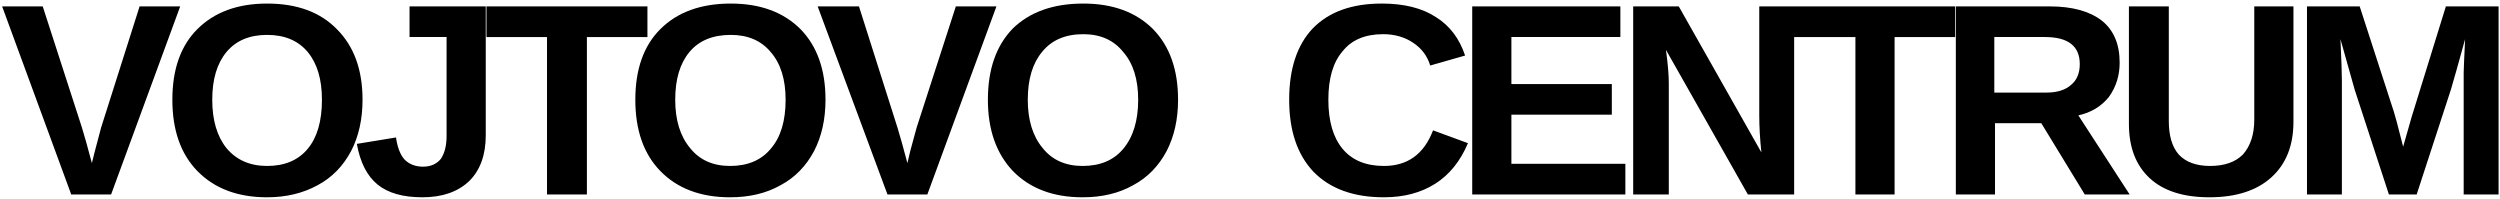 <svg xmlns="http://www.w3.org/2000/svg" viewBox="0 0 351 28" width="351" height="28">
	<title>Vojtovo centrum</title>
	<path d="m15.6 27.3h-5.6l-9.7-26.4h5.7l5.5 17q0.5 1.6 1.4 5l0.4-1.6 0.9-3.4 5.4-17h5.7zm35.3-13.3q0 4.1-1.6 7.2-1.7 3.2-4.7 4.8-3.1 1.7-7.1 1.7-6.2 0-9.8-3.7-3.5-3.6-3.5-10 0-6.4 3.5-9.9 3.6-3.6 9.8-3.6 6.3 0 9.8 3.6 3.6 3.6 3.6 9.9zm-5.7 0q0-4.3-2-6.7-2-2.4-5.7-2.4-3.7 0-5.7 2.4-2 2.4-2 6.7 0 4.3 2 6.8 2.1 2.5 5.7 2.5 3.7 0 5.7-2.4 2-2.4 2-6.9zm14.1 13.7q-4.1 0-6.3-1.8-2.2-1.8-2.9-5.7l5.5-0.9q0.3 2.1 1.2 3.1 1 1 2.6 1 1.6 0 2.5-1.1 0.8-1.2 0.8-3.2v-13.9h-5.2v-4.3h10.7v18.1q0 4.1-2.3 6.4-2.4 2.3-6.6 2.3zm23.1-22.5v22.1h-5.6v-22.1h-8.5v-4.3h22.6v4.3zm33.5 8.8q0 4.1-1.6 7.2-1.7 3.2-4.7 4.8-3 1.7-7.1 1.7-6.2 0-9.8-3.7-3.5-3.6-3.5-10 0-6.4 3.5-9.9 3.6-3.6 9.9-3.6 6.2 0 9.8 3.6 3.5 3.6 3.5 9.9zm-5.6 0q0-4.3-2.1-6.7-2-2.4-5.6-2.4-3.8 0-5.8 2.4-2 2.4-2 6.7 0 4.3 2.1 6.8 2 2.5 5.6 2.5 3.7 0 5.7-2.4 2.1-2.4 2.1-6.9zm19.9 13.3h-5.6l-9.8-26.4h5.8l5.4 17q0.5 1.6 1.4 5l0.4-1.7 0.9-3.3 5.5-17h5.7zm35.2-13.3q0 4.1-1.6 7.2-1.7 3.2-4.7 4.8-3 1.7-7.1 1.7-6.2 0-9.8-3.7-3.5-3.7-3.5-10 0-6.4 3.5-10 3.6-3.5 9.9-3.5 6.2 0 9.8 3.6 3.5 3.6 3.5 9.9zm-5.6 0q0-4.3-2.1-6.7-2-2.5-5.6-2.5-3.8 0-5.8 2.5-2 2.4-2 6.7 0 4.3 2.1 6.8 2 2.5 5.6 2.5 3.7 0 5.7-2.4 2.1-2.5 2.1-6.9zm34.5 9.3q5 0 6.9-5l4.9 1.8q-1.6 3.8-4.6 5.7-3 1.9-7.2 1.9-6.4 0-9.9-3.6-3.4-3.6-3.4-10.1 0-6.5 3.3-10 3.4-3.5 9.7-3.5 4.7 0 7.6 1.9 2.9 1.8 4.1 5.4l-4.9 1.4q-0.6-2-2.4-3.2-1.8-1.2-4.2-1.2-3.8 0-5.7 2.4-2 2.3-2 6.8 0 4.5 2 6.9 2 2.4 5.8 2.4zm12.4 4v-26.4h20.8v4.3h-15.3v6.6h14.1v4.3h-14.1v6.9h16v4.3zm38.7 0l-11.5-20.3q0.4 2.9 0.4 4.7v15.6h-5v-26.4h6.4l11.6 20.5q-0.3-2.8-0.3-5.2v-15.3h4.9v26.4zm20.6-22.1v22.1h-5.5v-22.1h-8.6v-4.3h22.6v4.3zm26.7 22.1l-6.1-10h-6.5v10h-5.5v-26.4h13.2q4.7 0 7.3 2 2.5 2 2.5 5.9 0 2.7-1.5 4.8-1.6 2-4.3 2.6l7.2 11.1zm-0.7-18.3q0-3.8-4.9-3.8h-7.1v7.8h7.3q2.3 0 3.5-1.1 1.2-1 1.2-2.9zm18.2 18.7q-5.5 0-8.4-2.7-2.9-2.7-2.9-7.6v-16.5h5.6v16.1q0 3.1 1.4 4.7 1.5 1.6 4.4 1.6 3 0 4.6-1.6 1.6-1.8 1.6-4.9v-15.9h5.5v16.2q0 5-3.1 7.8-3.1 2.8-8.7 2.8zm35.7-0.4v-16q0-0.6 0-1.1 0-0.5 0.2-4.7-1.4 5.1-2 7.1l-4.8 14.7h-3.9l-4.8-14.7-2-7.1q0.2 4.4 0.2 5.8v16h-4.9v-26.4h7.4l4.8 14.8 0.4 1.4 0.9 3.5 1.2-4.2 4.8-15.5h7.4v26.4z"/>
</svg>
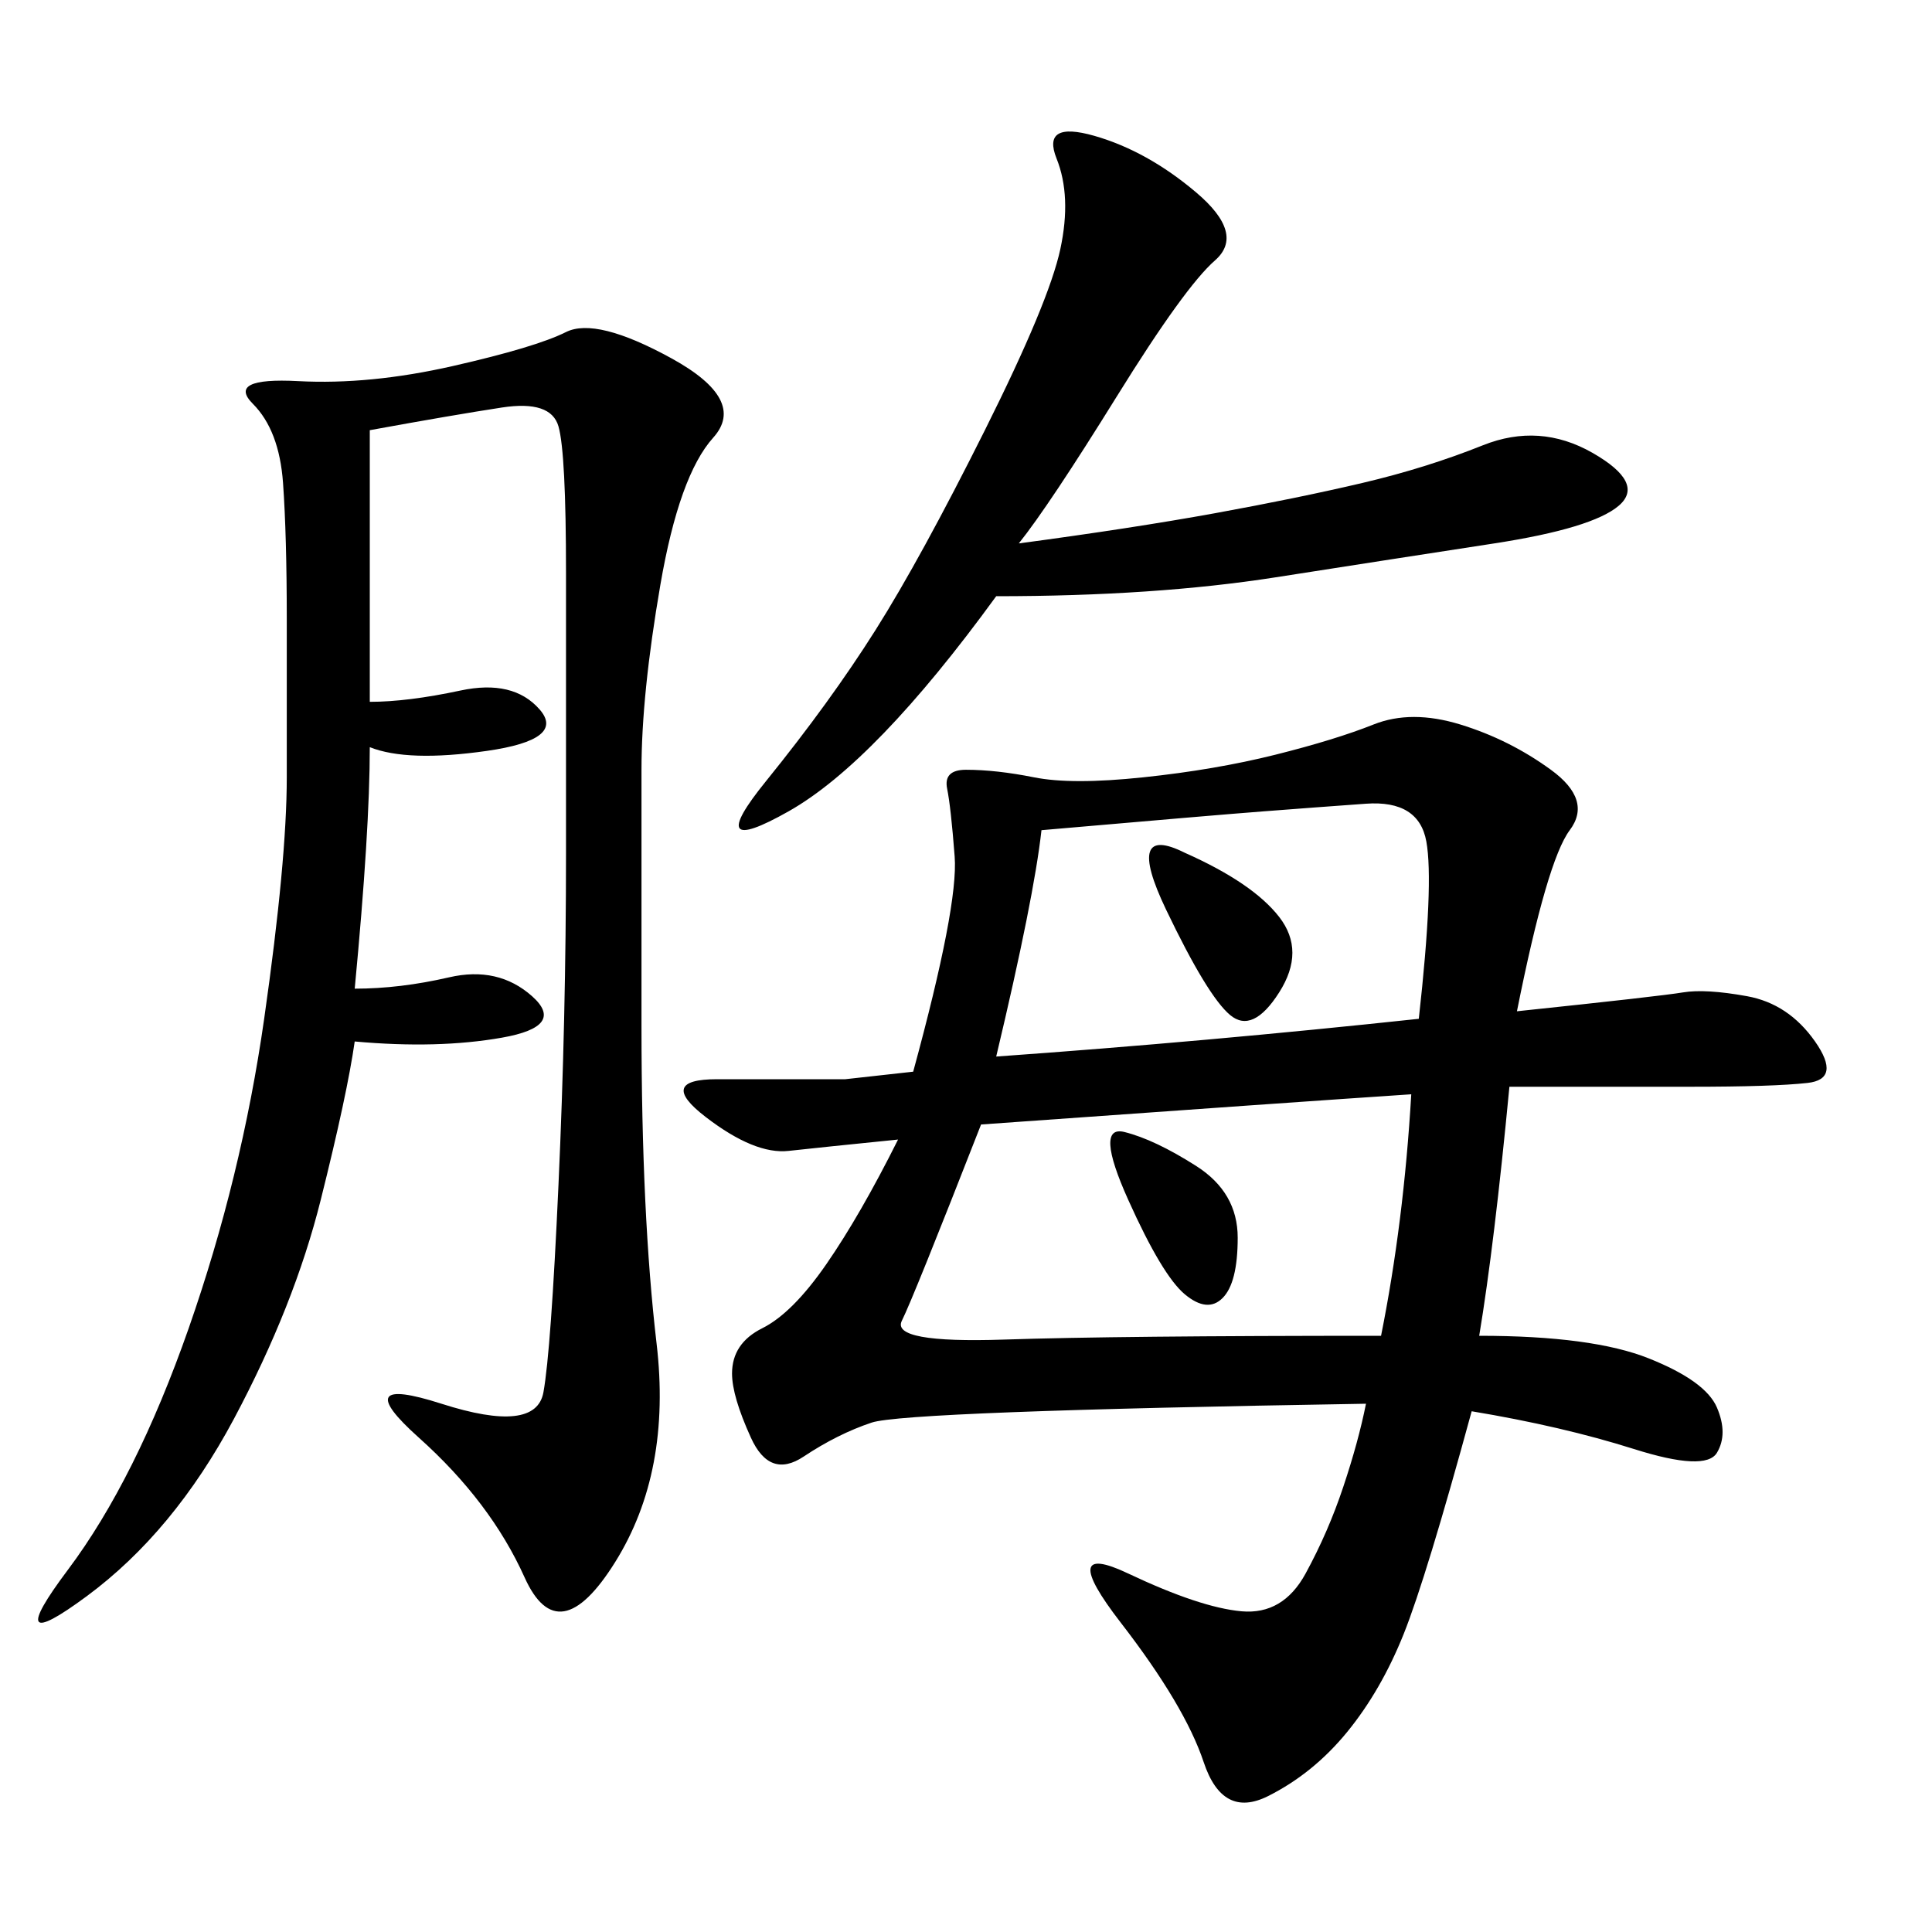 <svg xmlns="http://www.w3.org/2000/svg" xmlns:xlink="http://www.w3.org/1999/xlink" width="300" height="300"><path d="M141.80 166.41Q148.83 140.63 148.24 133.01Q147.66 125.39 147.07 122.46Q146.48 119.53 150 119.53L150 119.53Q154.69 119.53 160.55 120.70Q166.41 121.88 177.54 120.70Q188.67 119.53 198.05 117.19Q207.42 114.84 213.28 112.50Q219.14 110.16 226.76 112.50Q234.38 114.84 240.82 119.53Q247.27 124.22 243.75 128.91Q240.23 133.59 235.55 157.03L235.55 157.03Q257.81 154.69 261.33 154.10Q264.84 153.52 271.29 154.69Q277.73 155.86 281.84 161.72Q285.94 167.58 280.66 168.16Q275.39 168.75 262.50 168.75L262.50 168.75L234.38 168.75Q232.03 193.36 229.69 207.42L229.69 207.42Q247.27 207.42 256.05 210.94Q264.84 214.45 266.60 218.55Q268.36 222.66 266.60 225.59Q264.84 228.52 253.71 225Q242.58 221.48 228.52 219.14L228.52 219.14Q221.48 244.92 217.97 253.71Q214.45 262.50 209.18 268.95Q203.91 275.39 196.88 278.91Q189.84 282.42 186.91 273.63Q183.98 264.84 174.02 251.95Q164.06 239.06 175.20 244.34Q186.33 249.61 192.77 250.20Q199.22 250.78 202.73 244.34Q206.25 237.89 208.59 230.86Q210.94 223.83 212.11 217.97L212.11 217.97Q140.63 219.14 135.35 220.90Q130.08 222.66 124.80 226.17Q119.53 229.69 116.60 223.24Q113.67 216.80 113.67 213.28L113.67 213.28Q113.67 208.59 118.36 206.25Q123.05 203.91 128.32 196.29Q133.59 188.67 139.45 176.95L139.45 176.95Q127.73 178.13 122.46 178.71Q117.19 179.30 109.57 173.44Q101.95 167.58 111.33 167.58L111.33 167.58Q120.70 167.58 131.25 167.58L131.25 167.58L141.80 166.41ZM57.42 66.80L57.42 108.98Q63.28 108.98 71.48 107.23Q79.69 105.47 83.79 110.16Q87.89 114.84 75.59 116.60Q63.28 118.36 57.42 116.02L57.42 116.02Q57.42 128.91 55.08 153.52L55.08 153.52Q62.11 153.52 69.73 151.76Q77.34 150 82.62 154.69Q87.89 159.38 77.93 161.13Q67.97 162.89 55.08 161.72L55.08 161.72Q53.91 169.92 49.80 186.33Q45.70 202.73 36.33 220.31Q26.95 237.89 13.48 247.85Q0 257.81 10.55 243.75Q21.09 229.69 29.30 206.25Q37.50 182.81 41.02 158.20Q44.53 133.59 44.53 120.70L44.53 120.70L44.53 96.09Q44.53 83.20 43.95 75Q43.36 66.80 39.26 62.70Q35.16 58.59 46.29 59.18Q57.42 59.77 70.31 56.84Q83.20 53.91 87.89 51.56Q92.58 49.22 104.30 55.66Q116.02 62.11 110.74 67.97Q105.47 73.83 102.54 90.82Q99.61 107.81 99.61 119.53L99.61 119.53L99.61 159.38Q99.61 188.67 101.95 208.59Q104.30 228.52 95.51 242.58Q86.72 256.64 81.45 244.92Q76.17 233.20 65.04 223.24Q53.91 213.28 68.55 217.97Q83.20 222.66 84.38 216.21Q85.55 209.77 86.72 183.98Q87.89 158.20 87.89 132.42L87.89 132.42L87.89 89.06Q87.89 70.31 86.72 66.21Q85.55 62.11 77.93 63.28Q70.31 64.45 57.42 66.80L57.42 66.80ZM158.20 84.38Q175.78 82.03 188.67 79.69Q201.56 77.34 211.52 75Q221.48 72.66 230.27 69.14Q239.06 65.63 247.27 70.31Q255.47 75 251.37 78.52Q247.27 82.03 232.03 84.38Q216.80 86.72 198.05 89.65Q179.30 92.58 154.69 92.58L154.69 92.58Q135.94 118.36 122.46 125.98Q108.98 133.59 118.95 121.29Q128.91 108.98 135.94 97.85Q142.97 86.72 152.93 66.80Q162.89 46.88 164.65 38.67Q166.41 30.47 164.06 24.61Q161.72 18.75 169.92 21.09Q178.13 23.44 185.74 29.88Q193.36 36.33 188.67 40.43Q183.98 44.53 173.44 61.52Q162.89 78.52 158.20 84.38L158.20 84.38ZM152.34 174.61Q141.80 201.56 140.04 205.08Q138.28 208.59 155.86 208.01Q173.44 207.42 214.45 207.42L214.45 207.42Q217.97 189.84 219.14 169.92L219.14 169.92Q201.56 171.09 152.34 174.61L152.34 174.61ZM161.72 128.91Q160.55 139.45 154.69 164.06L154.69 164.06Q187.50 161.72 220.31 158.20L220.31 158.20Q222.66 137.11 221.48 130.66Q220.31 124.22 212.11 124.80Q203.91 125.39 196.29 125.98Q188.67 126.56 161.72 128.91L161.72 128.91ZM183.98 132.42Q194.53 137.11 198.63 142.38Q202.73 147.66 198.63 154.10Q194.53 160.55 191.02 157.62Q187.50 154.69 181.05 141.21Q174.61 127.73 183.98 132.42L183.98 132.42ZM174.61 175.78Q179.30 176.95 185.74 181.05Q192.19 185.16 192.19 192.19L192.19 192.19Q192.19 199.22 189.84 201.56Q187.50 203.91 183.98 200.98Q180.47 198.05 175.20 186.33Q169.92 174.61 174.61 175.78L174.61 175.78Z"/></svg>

**EXERCISE BRIEF:**
All that is needed is an exact copy of the lines from the top of the entries through the line containing "<title>Vojtovo centrum</title>", pictures left out.

**ANSWER TO THE EXERCISE:**
 <svg xmlns="http://www.w3.org/2000/svg" viewBox="0 0 351 28" width="351" height="28">
	<title>Vojtovo centrum</title>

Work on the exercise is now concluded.